[WHAT NEEDS TO BE DONE] Down to the last line, restate the records below word for word, dropping every image.
--- DATA SHOWN Enclosed Below ---
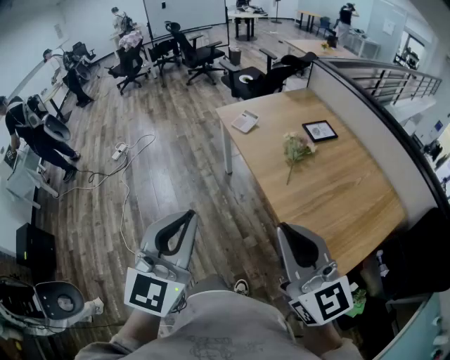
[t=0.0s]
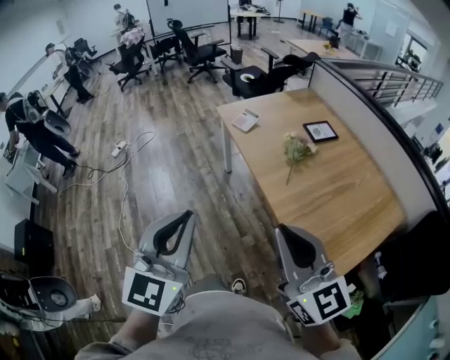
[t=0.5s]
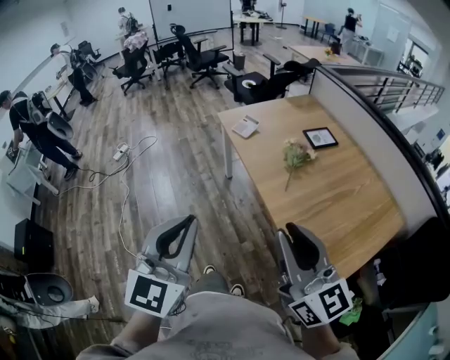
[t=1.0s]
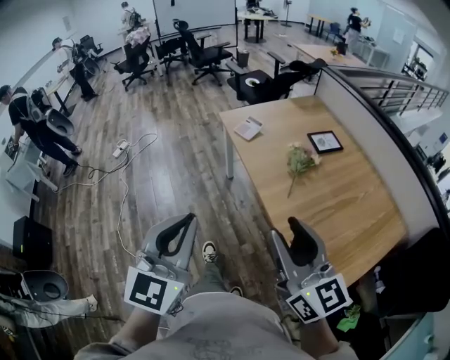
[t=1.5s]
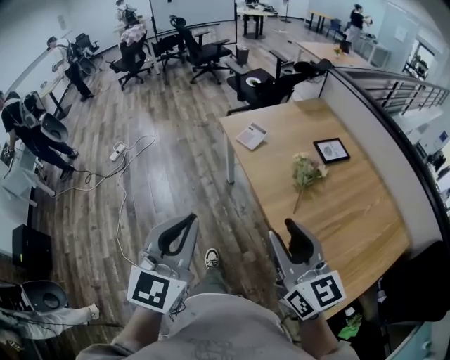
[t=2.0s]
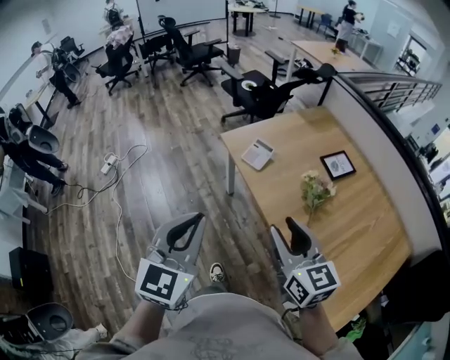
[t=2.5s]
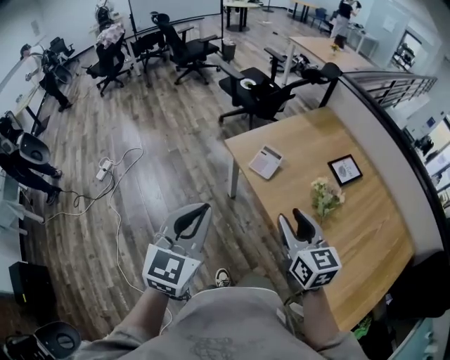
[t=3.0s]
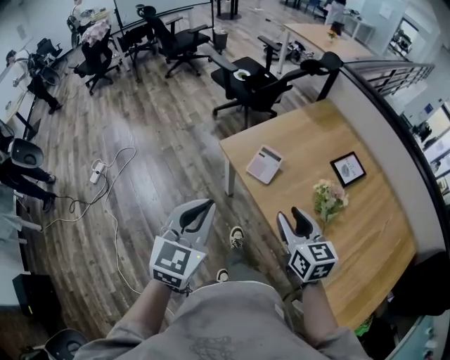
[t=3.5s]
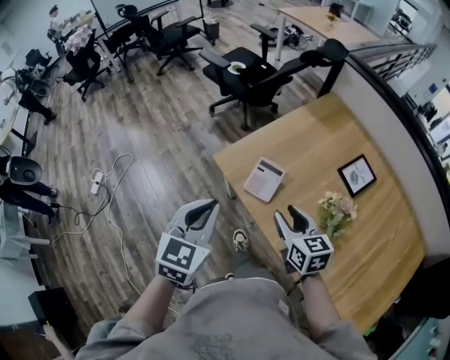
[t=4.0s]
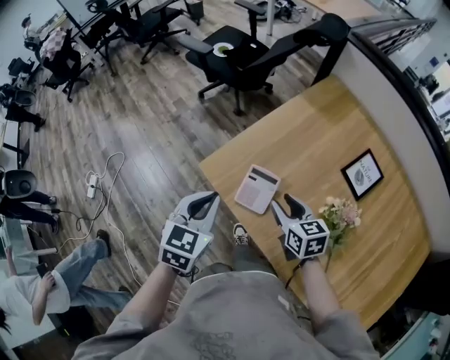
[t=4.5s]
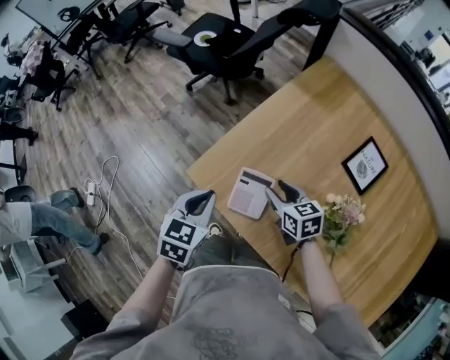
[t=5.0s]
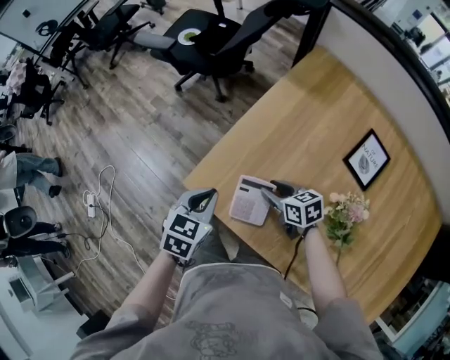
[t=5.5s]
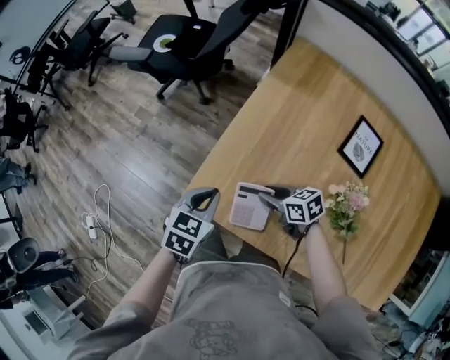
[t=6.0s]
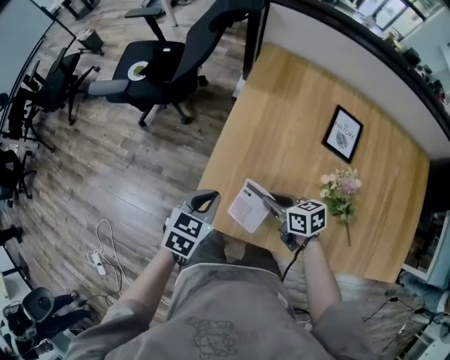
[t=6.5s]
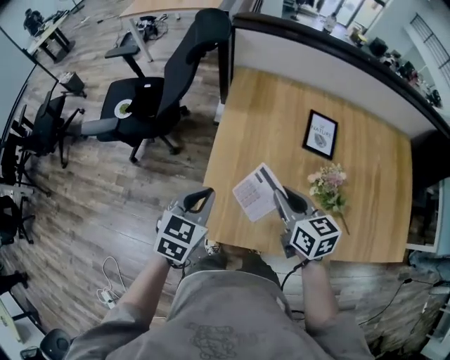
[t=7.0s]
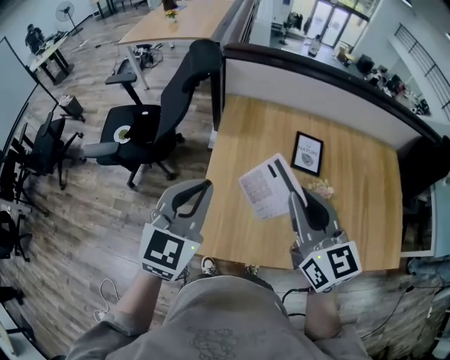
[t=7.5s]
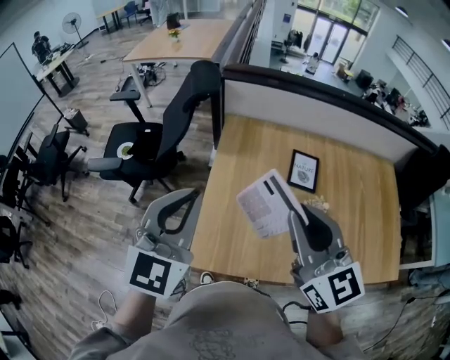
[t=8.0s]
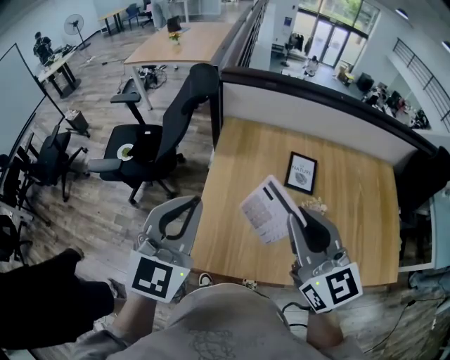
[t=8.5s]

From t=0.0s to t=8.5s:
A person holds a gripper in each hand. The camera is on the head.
From t=0.0s to t=2.0s: The grippers both shift forward by about 15 cm. The right gripper opens its fingers.
From t=2.0s to t=4.0s: Both grippers are carried forward, some 50 cm. The left gripper changes its angle by approximately 20 degrees. The right gripper shifts approximately 20 cm downward, and rotates approximately 30 degrees.
From t=4.0s to t=6.5s: Both grippers move forward and downward, some 30 cm. The right gripper swivels roughly 30 degrees, and closes up. The left gripper changes its angle by roughly 50 degrees.
From t=6.5s to t=8.5s: Both grippers travel together upward, some 35 cm. The left gripper tips its fingers upward by roughly 40 degrees; the right gripper angles its fingers upward, by about 30 degrees.
--- End of Enclosed DATA SHOWN ---
[YOUR RESPONSE]
[t=0.0s]
[t=0.5s]
[t=1.0s]
[t=1.5s]
[t=2.0s]
[t=2.5s]
[t=3.0s]
[t=3.5s]
[t=4.0s]
[t=4.5s]
[t=5.0s]
[t=5.5s]
[t=6.0s]
[t=6.5s]
[t=7.0s]
[t=7.5s]
[t=8.0s]
[t=8.5s]

From t=0.0s to t=8.5s:
A person holds a gripper in each hand. The camera is on the head.
From t=0.0s to t=2.0s: The grippers both shift forward by about 15 cm. The right gripper opens its fingers.
From t=2.0s to t=4.0s: Both grippers are carried forward, some 50 cm. The left gripper changes its angle by approximately 20 degrees. The right gripper shifts approximately 20 cm downward, and rotates approximately 30 degrees.
From t=4.0s to t=6.5s: Both grippers move forward and downward, some 30 cm. The right gripper swivels roughly 30 degrees, and closes up. The left gripper changes its angle by roughly 50 degrees.
From t=6.5s to t=8.5s: Both grippers travel together upward, some 35 cm. The left gripper tips its fingers upward by roughly 40 degrees; the right gripper angles its fingers upward, by about 30 degrees.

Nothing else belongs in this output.